• ABOUT THIS EXERCISE:
With nothing left out, repeat every entry exactly.

• GIVEN DATA:

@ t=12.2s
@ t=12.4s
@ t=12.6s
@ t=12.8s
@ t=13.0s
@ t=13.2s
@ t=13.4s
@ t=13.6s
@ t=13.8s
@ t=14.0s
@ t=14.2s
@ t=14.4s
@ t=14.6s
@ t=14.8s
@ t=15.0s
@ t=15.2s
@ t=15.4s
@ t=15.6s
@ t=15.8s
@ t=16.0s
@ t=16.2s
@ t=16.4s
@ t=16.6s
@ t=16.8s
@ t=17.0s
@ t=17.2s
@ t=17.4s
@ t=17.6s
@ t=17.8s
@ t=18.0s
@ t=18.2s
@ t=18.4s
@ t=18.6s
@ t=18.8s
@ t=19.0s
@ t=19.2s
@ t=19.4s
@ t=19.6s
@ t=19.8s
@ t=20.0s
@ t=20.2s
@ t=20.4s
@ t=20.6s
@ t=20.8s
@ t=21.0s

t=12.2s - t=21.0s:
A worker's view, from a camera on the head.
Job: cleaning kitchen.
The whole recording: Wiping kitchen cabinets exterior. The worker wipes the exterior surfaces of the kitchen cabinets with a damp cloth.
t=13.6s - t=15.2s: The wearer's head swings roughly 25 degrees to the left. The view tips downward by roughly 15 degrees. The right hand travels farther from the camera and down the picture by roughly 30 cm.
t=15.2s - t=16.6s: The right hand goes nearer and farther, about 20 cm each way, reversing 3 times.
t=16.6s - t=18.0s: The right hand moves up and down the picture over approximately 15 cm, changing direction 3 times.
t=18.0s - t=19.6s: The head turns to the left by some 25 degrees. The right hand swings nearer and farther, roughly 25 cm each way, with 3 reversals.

• RESPONSE TO THE EXERCISE:
@ t=12.2s
@ t=12.4s
@ t=12.6s
@ t=12.8s
@ t=13.0s
@ t=13.2s
@ t=13.4s
@ t=13.6s
@ t=13.8s
@ t=14.0s
@ t=14.2s
@ t=14.4s
@ t=14.6s
@ t=14.8s
@ t=15.0s
@ t=15.2s
@ t=15.4s
@ t=15.6s
@ t=15.8s
@ t=16.0s
@ t=16.2s
@ t=16.4s
@ t=16.6s
@ t=16.8s
@ t=17.0s
@ t=17.2s
@ t=17.4s
@ t=17.6s
@ t=17.8s
@ t=18.0s
@ t=18.2s
@ t=18.4s
@ t=18.6s
@ t=18.8s
@ t=19.0s
@ t=19.2s
@ t=19.4s
@ t=19.6s
@ t=19.8s
@ t=20.0s
@ t=20.2s
@ t=20.4s
@ t=20.6s
@ t=20.8s
@ t=21.0s

t=12.2s - t=21.0s:
A worker's view, from a camera on the head.
Job: cleaning kitchen.
The whole recording: Wiping kitchen cabinets exterior. The worker wipes the exterior surfaces of the kitchen cabinets with a damp cloth.
t=13.6s - t=15.2s: The wearer's head swings roughly 25 degrees to the left. The view tips downward by roughly 15 degrees. The right hand travels farther from the camera and down the picture by roughly 30 cm.
t=15.2s - t=16.6s: The right hand goes nearer and farther, about 20 cm each way, reversing 3 times.
t=16.6s - t=18.0s: The right hand moves up and down the picture over approximately 15 cm, changing direction 3 times.
t=18.0s - t=19.6s: The head turns to the left by some 25 degrees. The right hand swings nearer and farther, roughly 25 cm each way, with 3 reversals.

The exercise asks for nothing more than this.